**RECORDS FOR THIS TASK:**
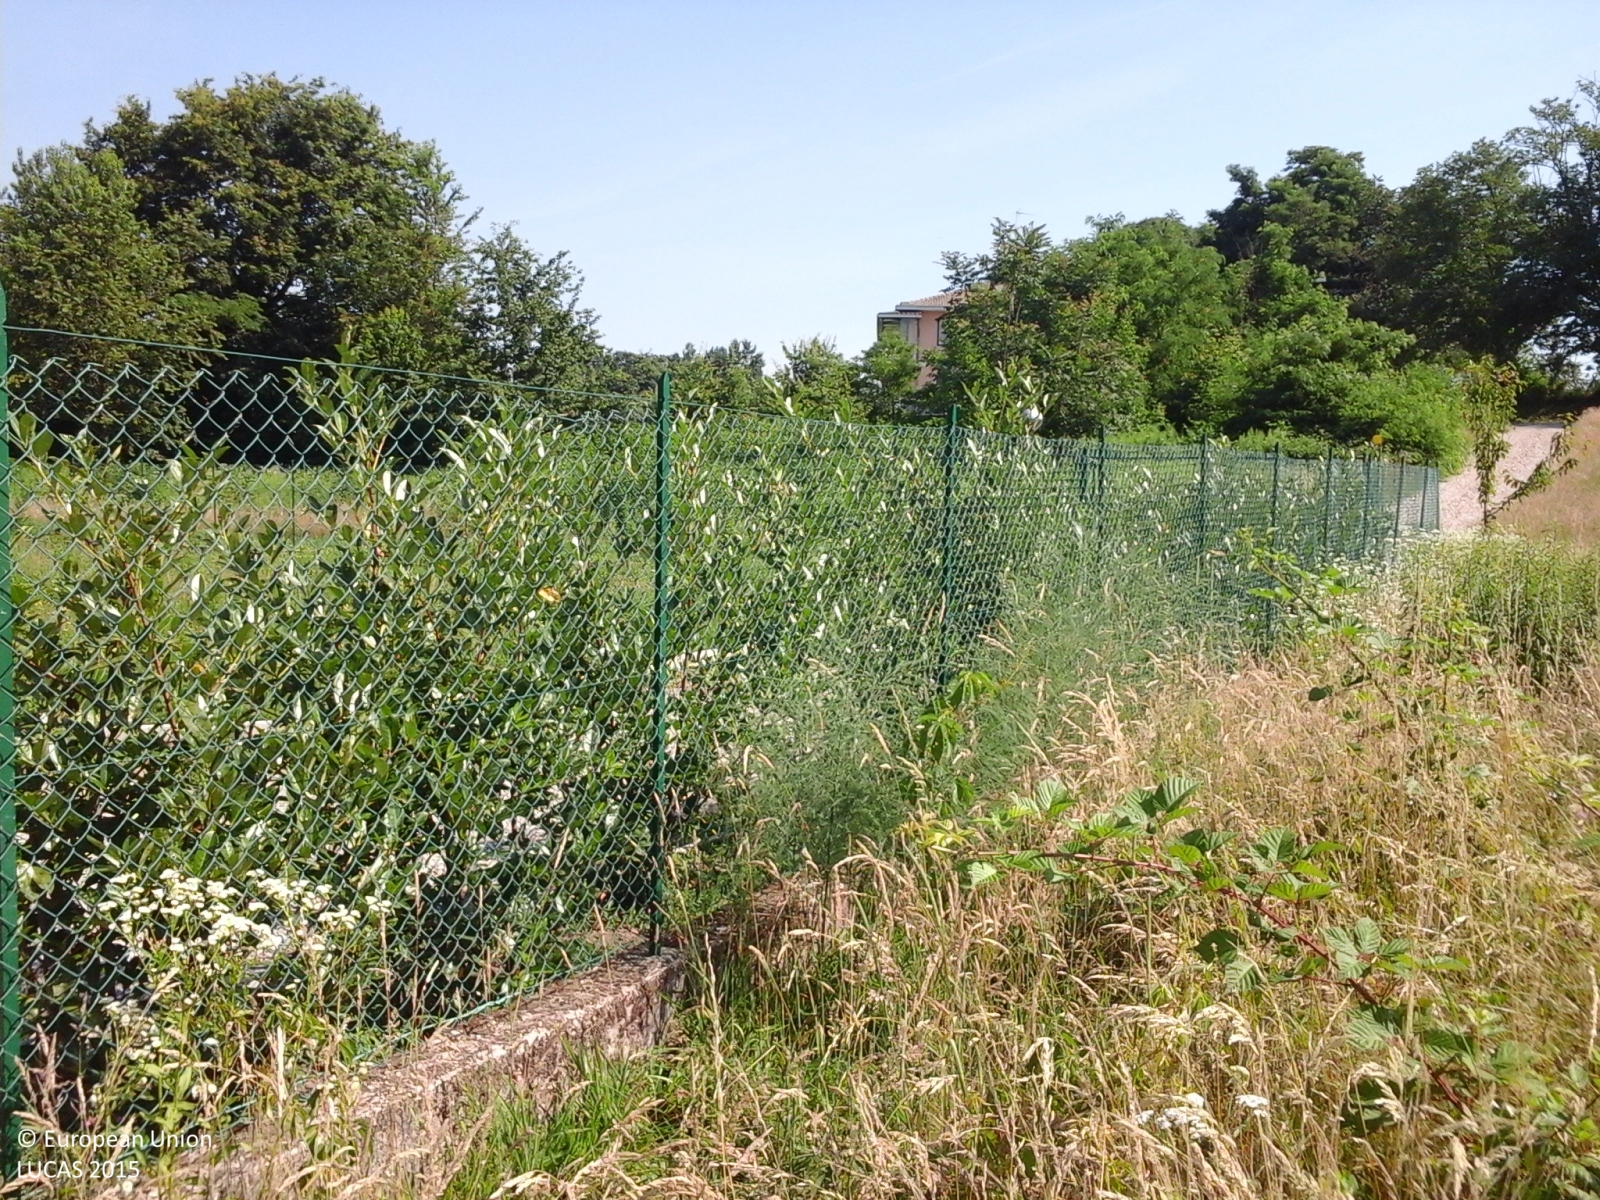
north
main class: Grassland
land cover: Grassland with sparse tree/shrub cover
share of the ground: > 75 %
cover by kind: herbaceous plants 95 %, broadleaved forest trees 5 %
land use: Residential
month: June
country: IT
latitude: 45.6776
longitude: 8.7823
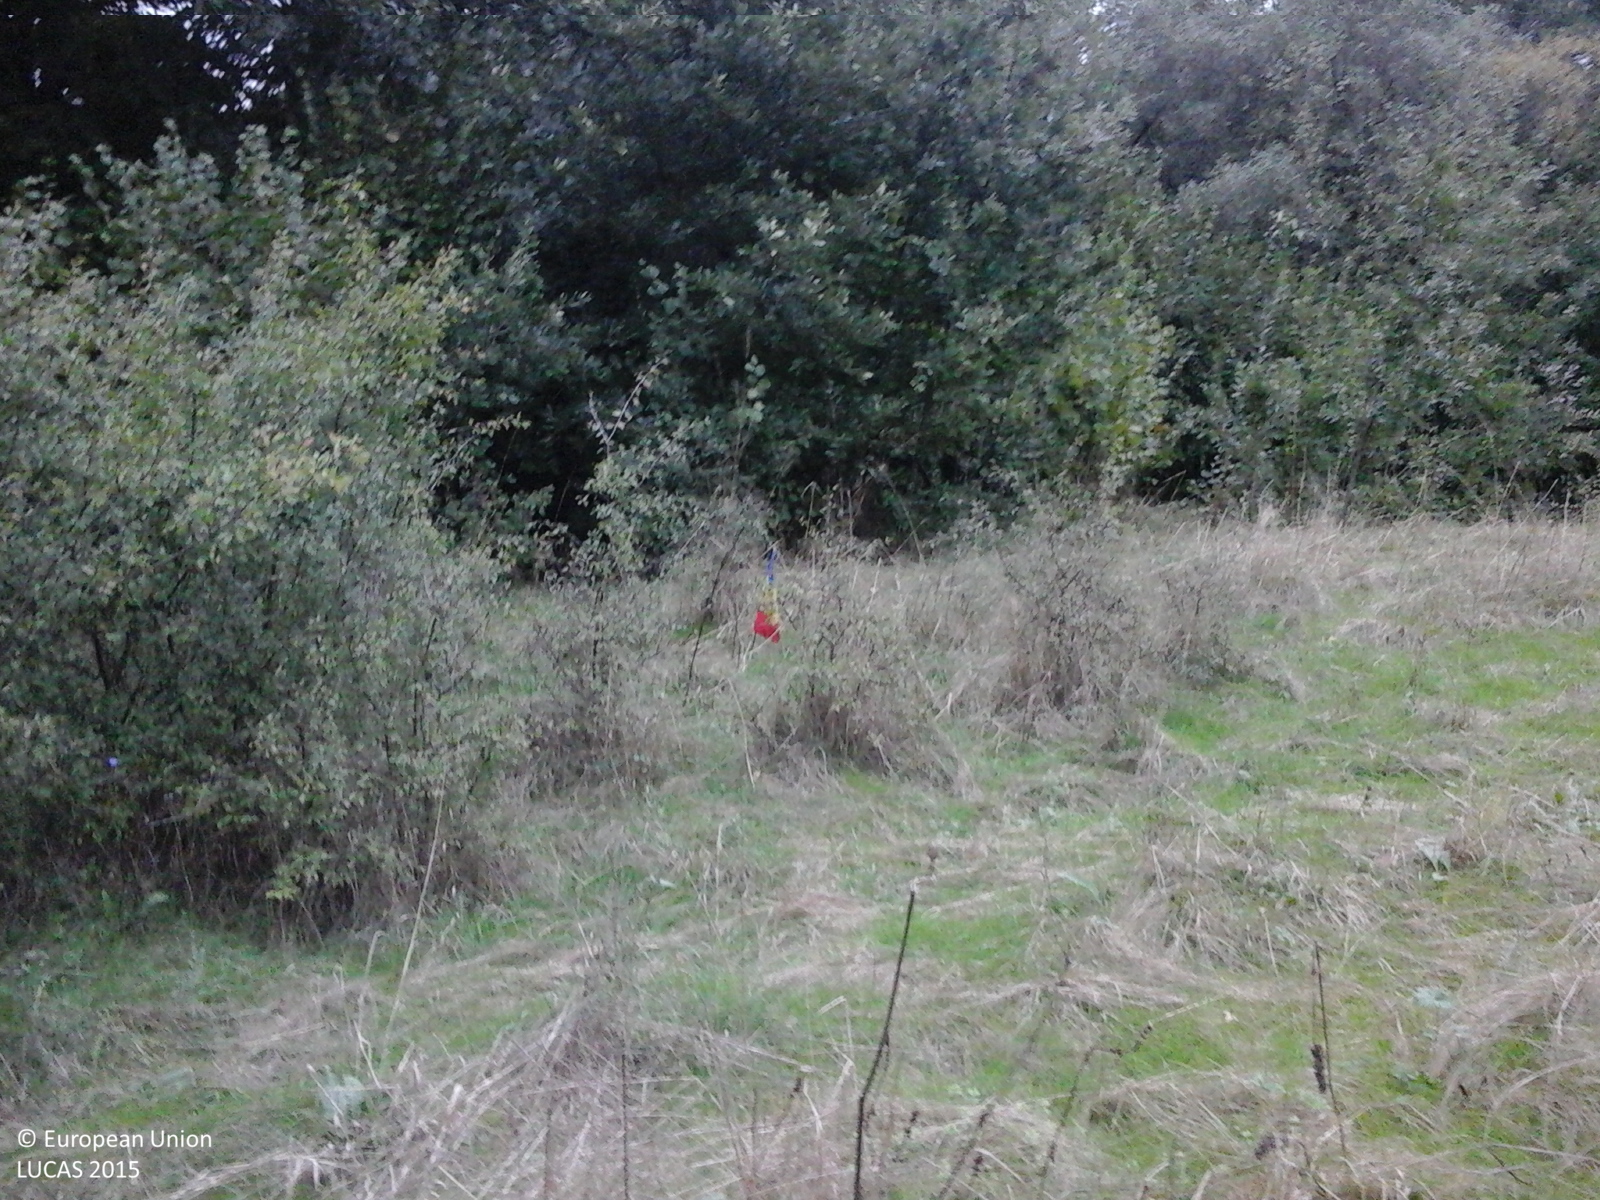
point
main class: Grassland
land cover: Grassland with sparse tree/shrub cover
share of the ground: > 75 %
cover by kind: herbaceous plants 90 %, broadleaved forest trees 5 %, shrubs 5 %
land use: Agriculture (excluding fallow land and kitchen gardens)
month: September
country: RO
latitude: 45.8868
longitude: 23.3992
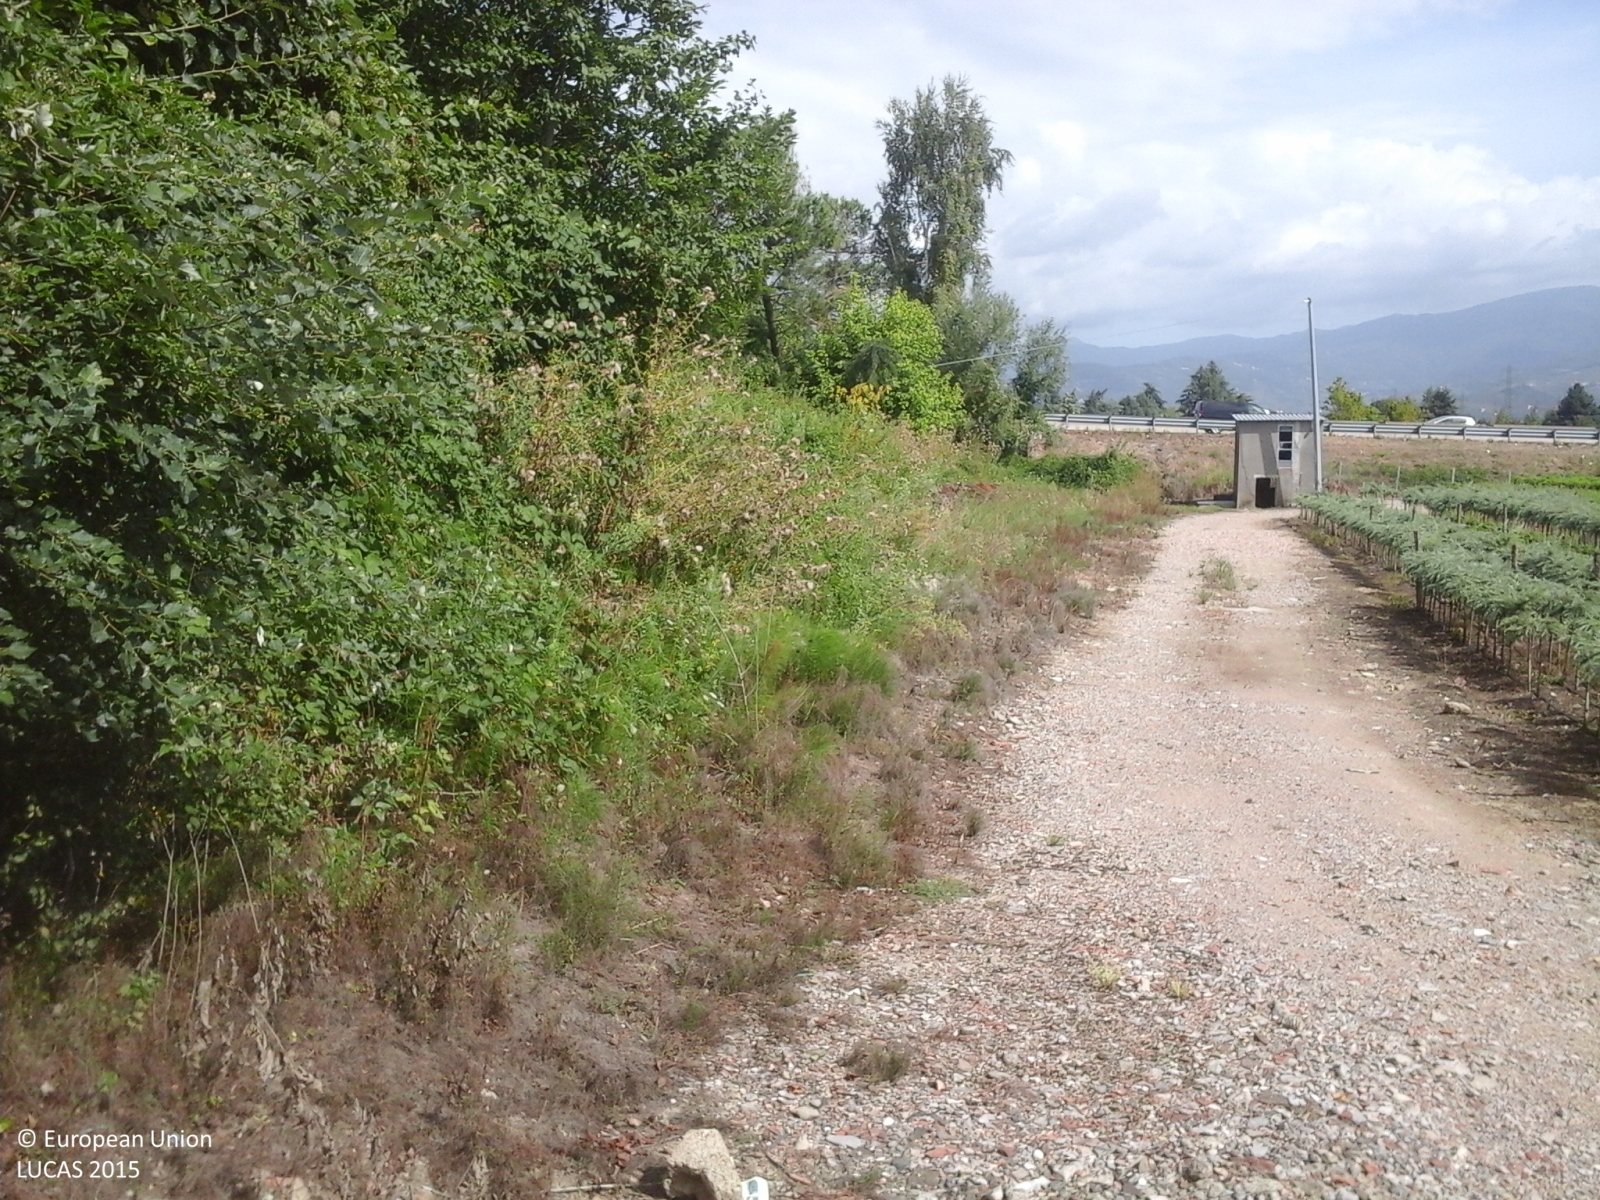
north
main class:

**GOAL OF THE EXERCISE:** Find the line that contains "longitude: 8.7823", then write out that line and every line after it through the end of the records, exactly. Leave the pictures out.

**RESULT OF THE EXERCISE:**
longitude: 8.7823
point
main class: Grassland
land cover: Grassland with sparse tree/shrub cover
share of the ground: > 75 %
cover by kind: herbaceous plants 90 %, broadleaved forest trees 5 %, shrubs 5 %
land use: Agriculture (excluding fallow land and kitchen gardens)
month: September
country: RO
latitude: 45.8868
longitude: 23.3992
north
main class:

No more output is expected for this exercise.